Are credit card balance transfers a good thing if you plan to carry a balance? Carrying a balance on your credit card may not be the way of your grandfather, but it might work for you. Some people wield their credit like a well forged sword, knowing when to use it and when to pay it in order to maximize their own financial investments and meet their goals. Your grandfather may have been a great man when it came to financial management, paying his bills and buying groceries with credit cards while bragging about the interest his money was earning in the bank while he enjoyed the free loan that a credit card grace period can provide.
But is there ever a time when your grandfather was wrong? When carrying a balance on your card could actually be a good thing? When credit card balance transfers might be wise? Maybe. Maybe not. It all depends on you and your goals.
One of the most important functions of a credit card is to help you build your credit. However, if the card just sits in your drawer, doing nothing, it can’t build a thing. “Building credit” means demonstrating your financial responsibility in a way that can be calculated by and reflected through a FICO score. For your card to truly make an impact on that score it needs to be used, at least occasionally. Sure, you can pay it off in full, but you have to use it at some point.
As we just said, you need to show responsible usage. This is why your credit report shows details like average balance and credit limit, to demonstrate how much you use – or abuse – the credit card. In addition, many banks have a non-usage closure, which means that if you go anywhere from six to eighteen months without charging on or paying on that credit card then they may close it. They usually do so without warning and without asking you.
If you have a balance on a high interest credit card, or owe money in some other high interest capacity, it can be beneficial to do credit card balance transfers of that balance to a low interest card. Sometimes, credit card transfers can be a good way to save on interest. Even if you maintain a balance you will pay less interest in the end, and that, as Martha Stewart likes to say, is a good thing. Use a credit card calculator payoff tool online to see how transferring balances might save you money! Here is a good one: http://www.creditcards.com/calculators/
Thus far we have said that you need to use your credit cards to keep them active and to ensure that they are building credit adequately. But does this mean that you necessarily have to maintain a balance on them and pay interest on them?
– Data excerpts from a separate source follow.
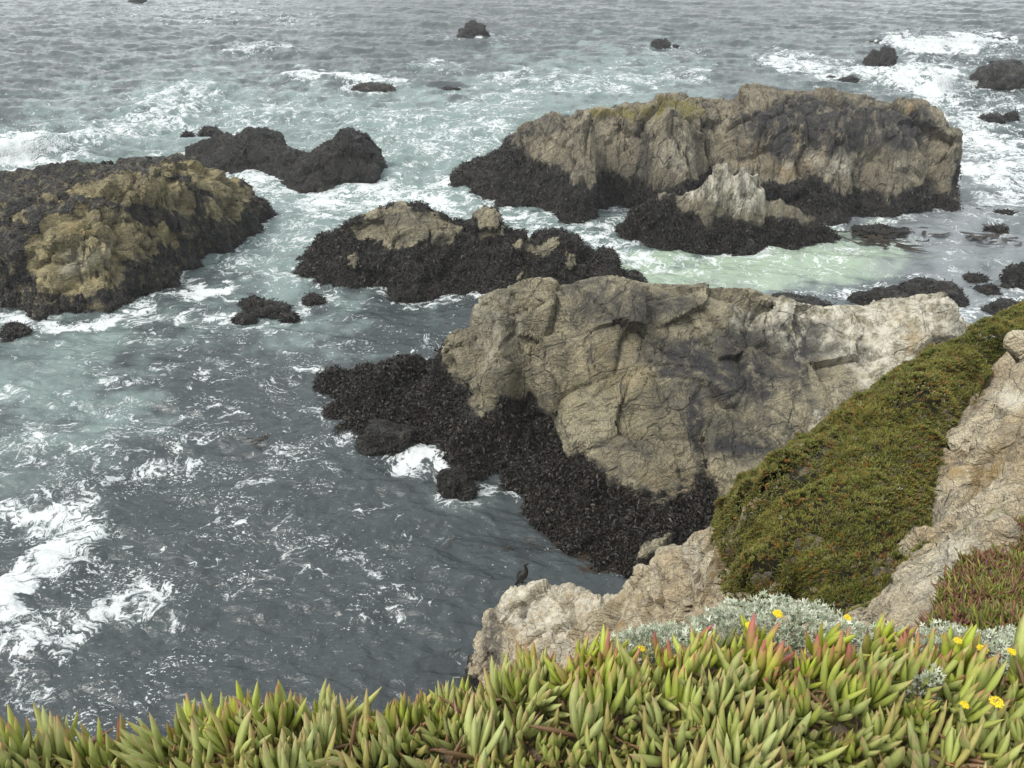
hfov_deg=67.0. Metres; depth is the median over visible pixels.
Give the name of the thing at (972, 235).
kelp
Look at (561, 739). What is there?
ice plant
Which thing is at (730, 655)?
ice plant
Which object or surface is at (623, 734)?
ice plant
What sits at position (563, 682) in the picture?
ice plant
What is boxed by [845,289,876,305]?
boulder
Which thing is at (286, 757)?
ice plant
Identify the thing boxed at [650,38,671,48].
boulder
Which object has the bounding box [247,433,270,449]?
kelp
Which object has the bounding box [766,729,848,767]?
ice plant
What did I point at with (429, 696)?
ice plant
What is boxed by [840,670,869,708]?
ice plant
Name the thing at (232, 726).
ice plant
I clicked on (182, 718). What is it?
ice plant
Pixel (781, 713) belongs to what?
ice plant
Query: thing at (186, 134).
boulder
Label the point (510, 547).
kelp
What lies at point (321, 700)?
ice plant
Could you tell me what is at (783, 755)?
ice plant
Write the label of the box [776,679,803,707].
ice plant
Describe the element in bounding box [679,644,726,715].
ice plant
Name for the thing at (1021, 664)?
ice plant
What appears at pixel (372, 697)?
ice plant
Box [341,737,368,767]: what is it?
ice plant
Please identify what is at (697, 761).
ice plant
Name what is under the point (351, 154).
sea rock
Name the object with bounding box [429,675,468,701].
ice plant
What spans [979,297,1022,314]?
boulder
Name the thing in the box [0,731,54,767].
ice plant
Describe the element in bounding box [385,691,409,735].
ice plant
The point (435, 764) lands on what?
ice plant
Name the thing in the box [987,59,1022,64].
boulder
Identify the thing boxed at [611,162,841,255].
sea rock
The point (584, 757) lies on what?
ice plant
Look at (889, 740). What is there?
ice plant
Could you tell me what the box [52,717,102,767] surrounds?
ice plant
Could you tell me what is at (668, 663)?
ice plant
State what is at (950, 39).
spray
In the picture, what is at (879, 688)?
ice plant
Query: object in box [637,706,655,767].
ice plant
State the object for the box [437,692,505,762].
ice plant
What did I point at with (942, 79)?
spray
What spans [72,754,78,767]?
ice plant
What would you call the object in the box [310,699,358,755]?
ice plant
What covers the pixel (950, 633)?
ice plant
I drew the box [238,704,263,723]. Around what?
ice plant
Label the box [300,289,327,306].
boulder
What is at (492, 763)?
ice plant
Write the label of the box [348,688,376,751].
ice plant
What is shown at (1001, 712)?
ice plant
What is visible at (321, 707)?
ice plant
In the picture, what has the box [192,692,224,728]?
ice plant
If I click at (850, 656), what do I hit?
ice plant
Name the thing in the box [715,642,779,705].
ice plant
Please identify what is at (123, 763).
ice plant
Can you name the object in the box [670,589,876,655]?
silver plant
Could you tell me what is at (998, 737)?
ice plant
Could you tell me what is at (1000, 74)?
boulder
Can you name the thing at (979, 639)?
ice plant
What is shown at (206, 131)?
boulder
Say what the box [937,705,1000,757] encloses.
ice plant
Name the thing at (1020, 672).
ice plant
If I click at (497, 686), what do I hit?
ice plant
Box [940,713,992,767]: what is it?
ice plant
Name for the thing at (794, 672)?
ice plant
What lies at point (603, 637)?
ice plant
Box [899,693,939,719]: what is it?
ice plant
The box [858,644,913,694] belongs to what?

A FICO score looks at how long you have had credit (so keep your oldest cards), what variety of credit you have (mortgage, car, credit card), how much you owe and how well you have paid. This means that some people can be “punished” by paying their cards in full each month. But few people know the true ins and outs of the FICO score, and FICO plays it close to the vest. What we do know is that many people who never carry a balance on a credit card have scores over 800. In addition, there has been some talk in late 2014 that FICO may be changing this part of the credit score so as not to punish such good users. So it is possible that carrying a balance, at least sometimes, helps your score, but it may not be necessary or worth the financial cost.